Collection entries:
◆ ◆ ◆

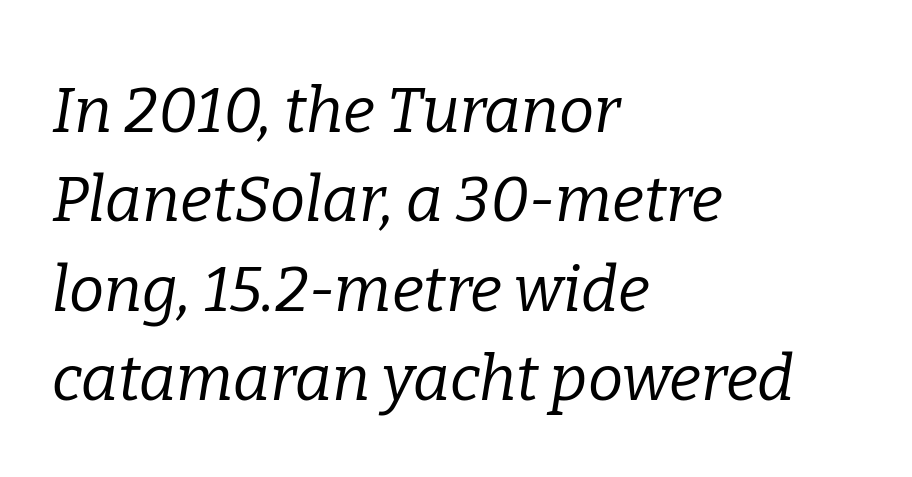
Look at the bottom of the vertical strokes: they flare into serifs here. The block of text has a typical density, with ordinary space between rows. Compared with typical body copy, the letter spacing here is the same. Short and long lines alike share a common starting point at left.
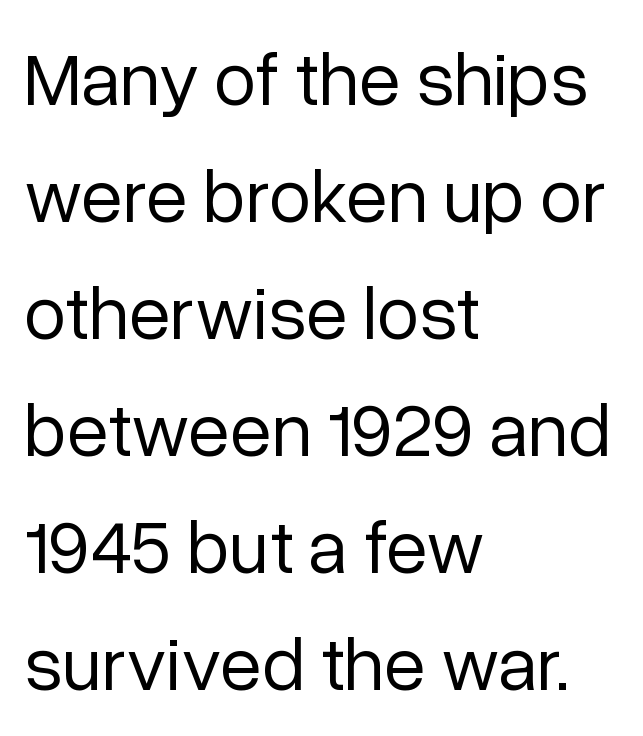
The image shows 76 px regular-weight sans-serif type, upright; set left-aligned, normal line spacing (1.54x), normal letter spacing, not underlined; low stroke contrast and a medium x-height.
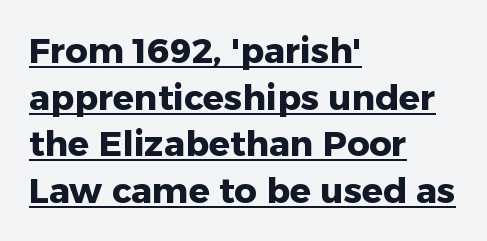
{"serif": "no", "italic": "no", "bold": "yes", "weight": "heavy", "width": "normal", "stroke_contrast": "low", "x_height": "medium", "monospaced": "no", "underline": "yes", "align": "left", "line_spacing": "normal", "line_spacing_ratio": 1.33, "letter_spacing": "normal", "letter_spacing_em": 0.0, "glyph_px": 35}
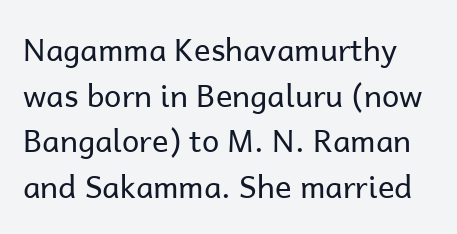
The image shows 31 px regular-weight sans-serif type, upright; set normal line spacing (1.47x), normal letter spacing, not underlined; low stroke contrast and a medium x-height.
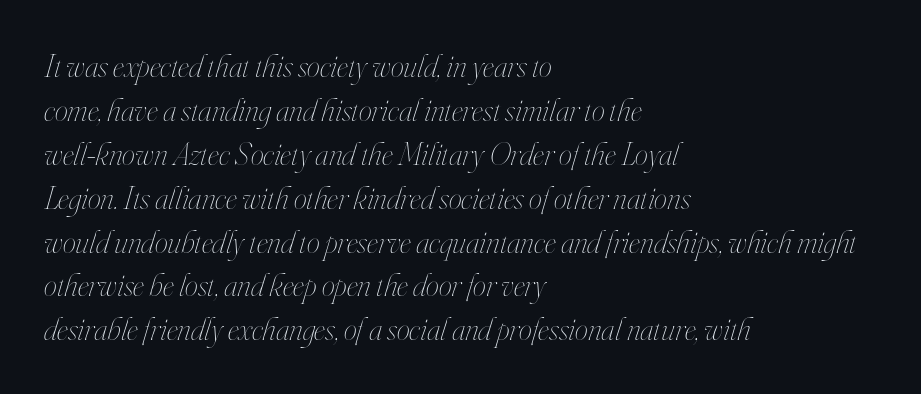
The image shows 33 px thin, condensed type, italic (leaning right); set left-aligned, normal line spacing (1.33x), normal letter spacing, not underlined; high stroke contrast and a small x-height.

◆ ◆ ◆

### PROBLEM TO WORK ON
Among the lines above, find those holding "regular" and copy each one.

### RESPONSE TO THE EXERCISE
The image shows 76 px regular-weight sans-serif type, upright; set left-aligned, normal line spacing (1.54x), normal letter spacing, not underlined; low stroke contrast and a medium x-height.
The image shows 31 px regular-weight sans-serif type, upright; set normal line spacing (1.47x), normal letter spacing, not underlined; low stroke contrast and a medium x-height.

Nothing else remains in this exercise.